On Thursday HER MAJESTY QUEEN MARGRETHE OF DENMARK celebrated her eightieth birthday. Danes joined a live singalong on national television but, with mass gatherings banned, only a short official appearance was made. We look back a at the life of Denmark’s monarch…
Born just a week after the Nazi invasion, Margrethe grew up in the shadow of German occupation. Her grandfather, King Christian X, refused to leave Denmark and she lived confined to palace walls with, until 1944, no siblings to play with. Her father, King Frederick IX, ascended the throne in 1947 but, as male primogeniture prevailed, her uncle became heir presumptive.
A 1953 change to succession put Margrethe first in line to the throne, and on her eighteenth birthday she was handed a seat in the Council of State, chairing meetings in her father’s absence. Margrethe was educated privately at N. Zahle’s school in Copenhagen and North Foreland Lodge in Hampshire. She went on to study prehistoric archaeology at Girton College, Cambridge, political science at Aarhus University and later studied at the Sorbonne and London School of Economics, where she became a Fellow of the Society of Antiquaries of London and fluent in English, French and German.
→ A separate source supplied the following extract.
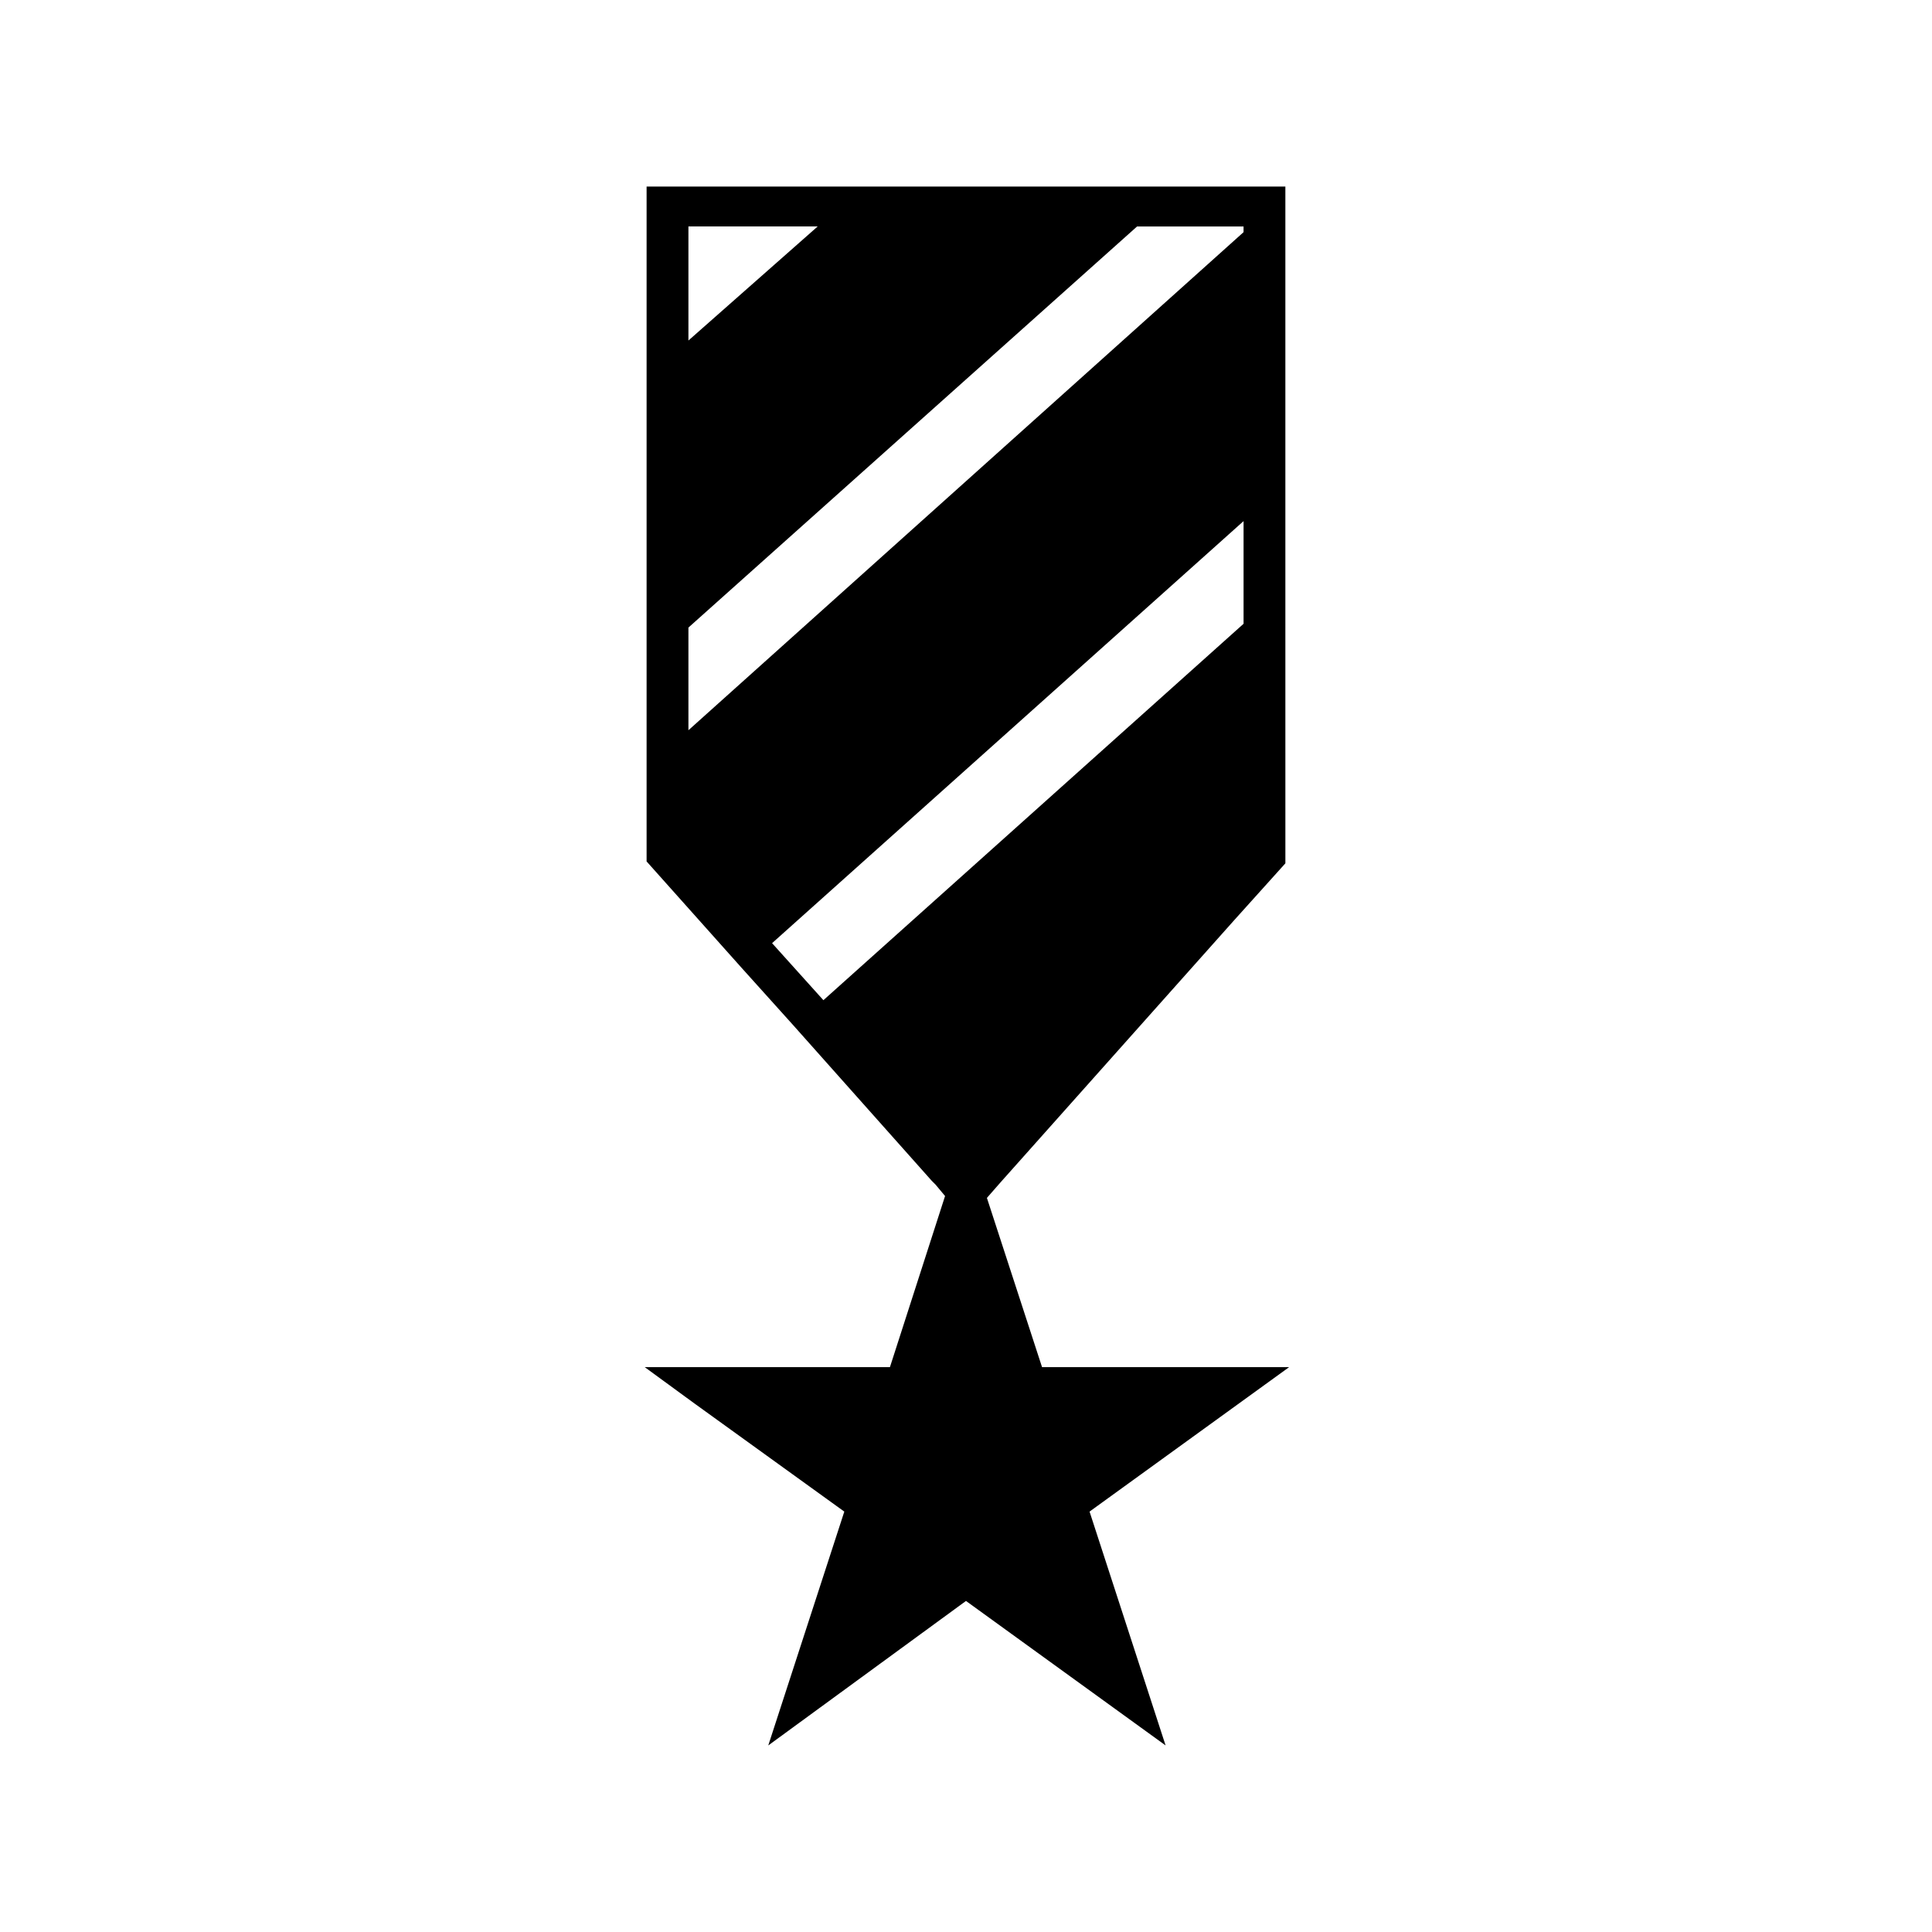<?xml version="1.0" encoding="UTF-8"?>
<!-- Uploaded to: SVG Repo, www.svgrepo.com, Generator: SVG Repo Mixer Tools -->
<svg fill="#000000" width="800px" height="800px" version="1.1" viewBox="144 144 512 512" xmlns="http://www.w3.org/2000/svg">
 <path d="m420.15 506.3-14.609-44.84 3.527-4.031 61.969-69.527 13.602-15.113-0.004-73.551v-105.8h-169.28v178.85l25.191 28.215 13.602 15.113 36.777 41.312 1.008 1.008 2.519 3.023-14.609 45.34h-64.992l13.098 9.574 39.801 28.719-20.152 61.969 52.398-38.293 52.898 38.289-20.152-61.969 52.898-38.289zm-93.711-302.29h34.258l-34.258 30.23zm0 133.51v-27.207l118.9-106.3h28.215v1.512zm35.77 71.539-13.602-15.113 124.95-111.85v27.207z"/>
</svg>

In 1960 the now Crown Princess Margrethe, alongside Princesses Astrid of Norway and Margaretha of Sweden, visited the Paramount Studios in Los Angeles, meeting celebrities that included Elvis Presley and Dean Martin. Margrethe met her future husband, Henri de Laborde de Monpezat, during a visit to the French Embassy in London, where he was working as a secretary. They courted for a year in secret and married in 1967 at Holmens Kirke in Copenhagen, where Henri ‘Danicised’ his name to Henrik. A year later Margrethe gave birth to their first son, the current Crown Prince Frederick, and in 1969 they welcomed a second child, Prince Joachim.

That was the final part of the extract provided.